Wherever a line of the records contains "none", copy that line.

────────────────

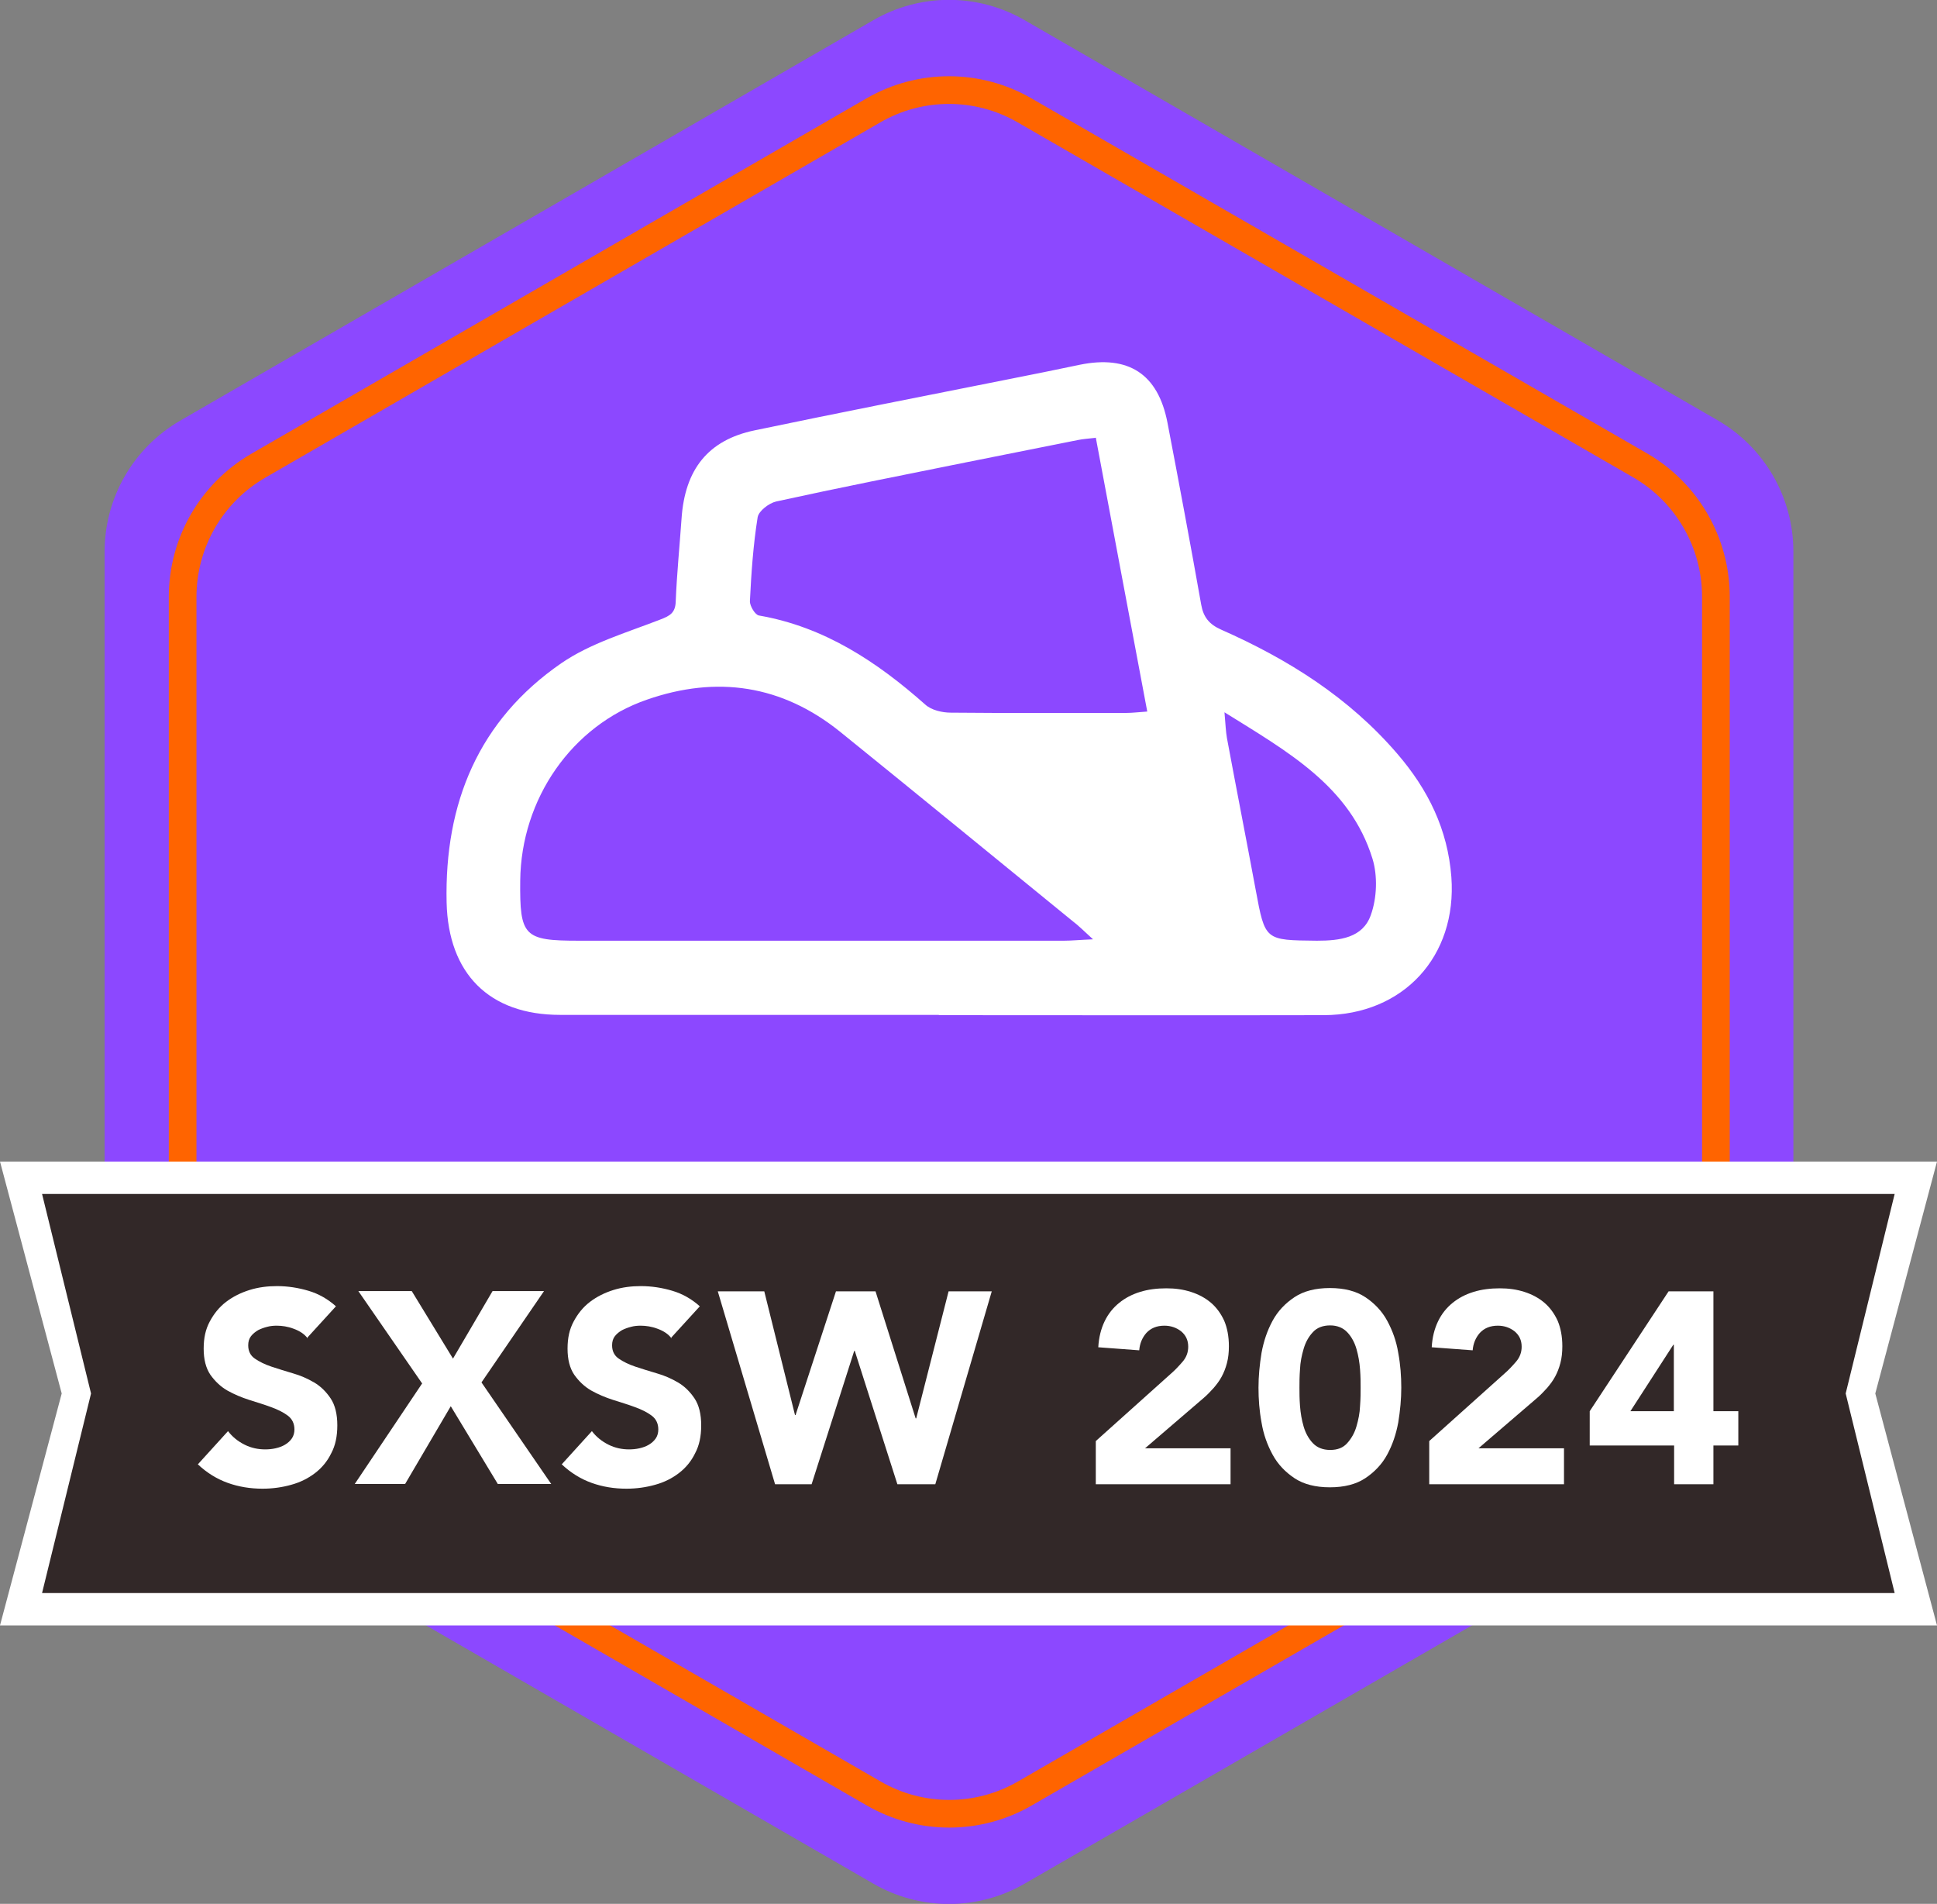 <?xml version="1.0" encoding="UTF-8"?>
<svg id="Layer_1" data-name="Layer 1" xmlns="http://www.w3.org/2000/svg" viewBox="0 0 70 68.79">
  <rect x="0" y="0" width="70" height="68.79" fill="#808080" stroke="none"/>
  <defs>
    <style>
      .cls-1 {
        fill: #322828;
      }

      .cls-1, .cls-2, .cls-3 {
        stroke-width: 0px;
      }

      .cls-4 {
        fill: none;
        stroke: #ff6400;
        stroke-miterlimit: 10;
      }

      .cls-2 {
        fill: #8c48ff;
      }

      .cls-3 {
        fill: #fff;
      }
    </style>
  </defs>
  <path class="cls-2" d="M6.51,53.6l25.05,14.46c1.69.98,3.78.98,5.47,0l25.05-14.46c1.69-.98,2.73-2.78,2.73-4.74v-28.93c0-1.95-1.04-3.76-2.73-4.74L37.03.73c-1.69-.98-3.78-.98-5.47,0L6.51,15.2c-1.69.98-2.73,2.78-2.73,4.74v28.93c0,1.95,1.04,3.76,2.73,4.74Z"/>
  <path class="cls-4" d="M6.6,50.39l24.97,14.41c1.69.98,3.78.98,5.47,0l24.97-14.41v-28.83c0-1.95-1.04-3.76-2.73-4.74L37.03,3.99c-1.69-.98-3.78-.98-5.47,0l-22.23,12.84c-1.69.98-2.73,2.78-2.73,4.74v28.83Z"/>
  <g>
    <polygon class="cls-1" points="69.24 58.15 .76 58.15 2.76 50.36 .76 42.56 69.24 42.56 67.24 50.36 69.24 58.15"/>
    <path class="cls-3" d="M70,58.73H0l2.23-8.38-2.23-8.38h70l-2.23,8.38,2.23,8.38ZM1.52,57.56h66.95l-1.77-7.21,1.77-7.21H1.52l1.77,7.21-1.77,7.21Z"/>
  </g>
  <g>
    <path class="cls-3" d="M11.12,48.36c-.12-.16-.29-.27-.51-.35-.21-.08-.42-.11-.61-.11-.11,0-.23.01-.34.04-.12.03-.23.07-.33.12-.1.06-.19.13-.26.22-.07.09-.1.2-.1.33,0,.21.08.37.24.48.16.11.36.21.6.29s.5.16.77.24c.28.08.53.19.77.33.24.14.44.34.6.58s.24.57.24.97-.07.73-.22,1.01c-.14.29-.34.53-.59.72s-.53.33-.86.42c-.32.09-.67.14-1.03.14-.45,0-.87-.07-1.26-.21-.39-.14-.75-.36-1.08-.67l1.09-1.2c.16.21.36.37.6.49s.49.17.74.17c.12,0,.25-.01.38-.04.13-.03.24-.07.34-.13.1-.06.18-.13.25-.23.06-.09.09-.2.09-.32,0-.21-.08-.38-.24-.5-.16-.12-.36-.22-.61-.31-.24-.09-.51-.17-.79-.26s-.54-.2-.79-.34c-.24-.14-.44-.33-.61-.57-.16-.24-.24-.55-.24-.94s.07-.7.22-.98.34-.52.59-.71.53-.33.85-.43.65-.14.99-.14c.39,0,.77.06,1.14.17.37.11.7.3.99.56l-1.05,1.15Z"/>
    <path class="cls-3" d="M15.25,49.98l-2.3-3.33h1.93l1.49,2.44,1.43-2.44h1.86l-2.26,3.3,2.52,3.67h-1.93l-1.7-2.81-1.65,2.81h-1.82l2.44-3.64Z"/>
    <path class="cls-3" d="M24.27,48.36c-.12-.16-.29-.27-.51-.35-.21-.08-.42-.11-.61-.11-.11,0-.23.01-.34.04-.12.03-.23.07-.33.12-.1.06-.19.13-.26.22-.07.09-.1.2-.1.33,0,.21.08.37.24.48.16.11.36.21.6.29s.5.16.77.24c.28.08.53.19.77.33.24.14.44.34.6.58s.24.57.24.97-.07.73-.22,1.01c-.14.29-.34.53-.59.72s-.53.33-.86.42c-.32.09-.67.14-1.03.14-.45,0-.87-.07-1.26-.21-.39-.14-.75-.36-1.08-.67l1.09-1.2c.16.21.36.37.6.49s.49.17.74.17c.12,0,.25-.01.38-.04.13-.03.24-.07.34-.13.1-.06.18-.13.25-.23.06-.09.09-.2.09-.32,0-.21-.08-.38-.24-.5-.16-.12-.36-.22-.61-.31-.24-.09-.51-.17-.79-.26s-.54-.2-.79-.34c-.24-.14-.44-.33-.61-.57-.16-.24-.24-.55-.24-.94s.07-.7.22-.98.34-.52.59-.71.53-.33.85-.43.65-.14.99-.14c.39,0,.77.06,1.14.17.37.11.7.3.99.56l-1.05,1.15Z"/>
    <path class="cls-3" d="M25.95,46.66h1.67l1.11,4.47h.02l1.46-4.47h1.43l1.45,4.59h.02l1.17-4.59h1.56l-2.04,6.97h-1.37l-1.54-4.82h-.02l-1.54,4.82h-1.32l-2.07-6.97Z"/>
    <path class="cls-3" d="M39.61,52.06l2.71-2.43c.14-.12.28-.27.41-.42.14-.16.21-.34.21-.55,0-.24-.09-.42-.26-.56-.17-.13-.37-.2-.6-.2-.28,0-.49.09-.65.26-.15.17-.24.38-.26.63l-1.48-.11c.02-.36.1-.67.23-.94.13-.27.31-.49.52-.66.22-.18.47-.31.76-.4.29-.09.61-.13.95-.13.32,0,.61.04.89.13.28.09.52.22.72.39.2.17.36.39.48.65.11.26.17.57.17.92,0,.22-.02.42-.07.61s-.11.34-.19.49c-.08.15-.18.28-.29.41-.11.12-.23.25-.36.36l-2.12,1.82h3.09v1.3h-4.87v-1.56Z"/>
    <path class="cls-3" d="M45.48,50.14c0-.41.04-.83.11-1.26.08-.43.21-.81.4-1.16.19-.35.46-.63.79-.85.33-.22.76-.33,1.28-.33s.95.11,1.28.33c.33.22.6.5.79.85.19.35.33.73.4,1.16.08.43.11.85.11,1.26s-.04.83-.11,1.26c-.08.43-.21.81-.4,1.16s-.46.63-.79.85c-.33.22-.76.33-1.28.33s-.95-.11-1.28-.33c-.33-.22-.6-.5-.79-.85-.19-.35-.33-.73-.4-1.16-.08-.43-.11-.85-.11-1.26ZM46.96,50.14c0,.18,0,.4.02.66.02.26.06.5.13.74s.18.44.33.6c.15.16.36.25.63.25s.47-.08.62-.25.26-.36.33-.6.12-.48.13-.74c.02-.26.02-.48.02-.66s0-.4-.02-.66c-.02-.26-.06-.5-.13-.74-.07-.24-.18-.44-.33-.6s-.36-.25-.62-.25-.48.08-.63.25c-.15.16-.26.36-.33.6-.07.24-.12.48-.13.74-.02.26-.02.48-.02.66Z"/>
    <path class="cls-3" d="M51.66,52.06l2.71-2.43c.14-.12.28-.27.41-.42.14-.16.21-.34.21-.55,0-.24-.09-.42-.26-.56-.17-.13-.37-.2-.6-.2-.28,0-.49.09-.65.26-.15.17-.24.38-.26.63l-1.48-.11c.02-.36.1-.67.23-.94.13-.27.31-.49.52-.66.22-.18.47-.31.76-.4.29-.09.61-.13.95-.13.32,0,.61.04.89.13.28.09.52.22.72.39.2.17.36.39.48.65.11.26.17.57.17.92,0,.22-.02.42-.07.61s-.11.34-.19.49c-.08.15-.18.28-.29.41-.11.12-.23.25-.36.36l-2.12,1.82h3.09v1.3h-4.87v-1.56Z"/>
    <path class="cls-3" d="M60.49,52.23h-3.04v-1.24l2.85-4.33h1.62v4.33h.9v1.24h-.9v1.4h-1.42v-1.4ZM60.49,48.59h-.02l-1.55,2.4h1.57v-2.4Z"/>
  </g>
  <path class="cls-3" d="M33.93,36.67h-13.69c-2.57,0-4.04-1.5-4.1-4.06-.08-3.6,1.16-6.59,4.15-8.65,1.05-.72,2.35-1.1,3.56-1.57.37-.14.56-.25.57-.67.04-.99.14-1.98.21-2.98.12-1.78.96-2.84,2.64-3.19,3.06-.64,6.13-1.24,9.19-1.85.86-.17,1.71-.34,2.56-.52,1.76-.36,2.83.33,3.17,2.09.42,2.19.83,4.38,1.22,6.58.08.45.29.71.72.9,2.42,1.07,4.62,2.45,6.37,4.49,1.11,1.29,1.82,2.73,1.95,4.45.21,2.86-1.73,4.98-4.61,4.99-4.64.01-9.27,0-13.91,0ZM39.49,33.93c-.35-.32-.53-.5-.73-.65-2.8-2.28-5.59-4.57-8.4-6.84-2.1-1.69-4.45-2.04-6.98-1.16-2.72.94-4.55,3.59-4.58,6.54-.02,2.01.13,2.17,2.11,2.17,5.84,0,11.69,0,17.54,0,.28,0,.55-.03,1.05-.05h0ZM39.59,15.82c-.26.03-.45.04-.64.08-1.35.27-2.71.54-4.06.81-2.28.46-4.56.91-6.84,1.41-.26.06-.63.34-.67.57-.16,1-.23,2.02-.28,3.04,0,.17.19.49.33.51,2.36.41,4.26,1.67,6.01,3.22.22.2.61.29.92.29,2.11.02,4.22.01,6.34.01.23,0,.45-.03.76-.05-.63-3.33-1.23-6.56-1.86-9.9h0ZM44.25,25.73c.04.47.05.71.09.94.34,1.83.7,3.66,1.04,5.49.34,1.83.33,1.81,2.21,1.83.83,0,1.66-.1,1.95-.93.22-.61.25-1.41.06-2.03-.81-2.62-3.05-3.86-5.36-5.3h0Z"/>
</svg>

────────────────

TASK SOLUTION >>
  <rect x="0" y="0" width="70" height="68.79" fill="#808080" stroke="none"/>
        fill: none;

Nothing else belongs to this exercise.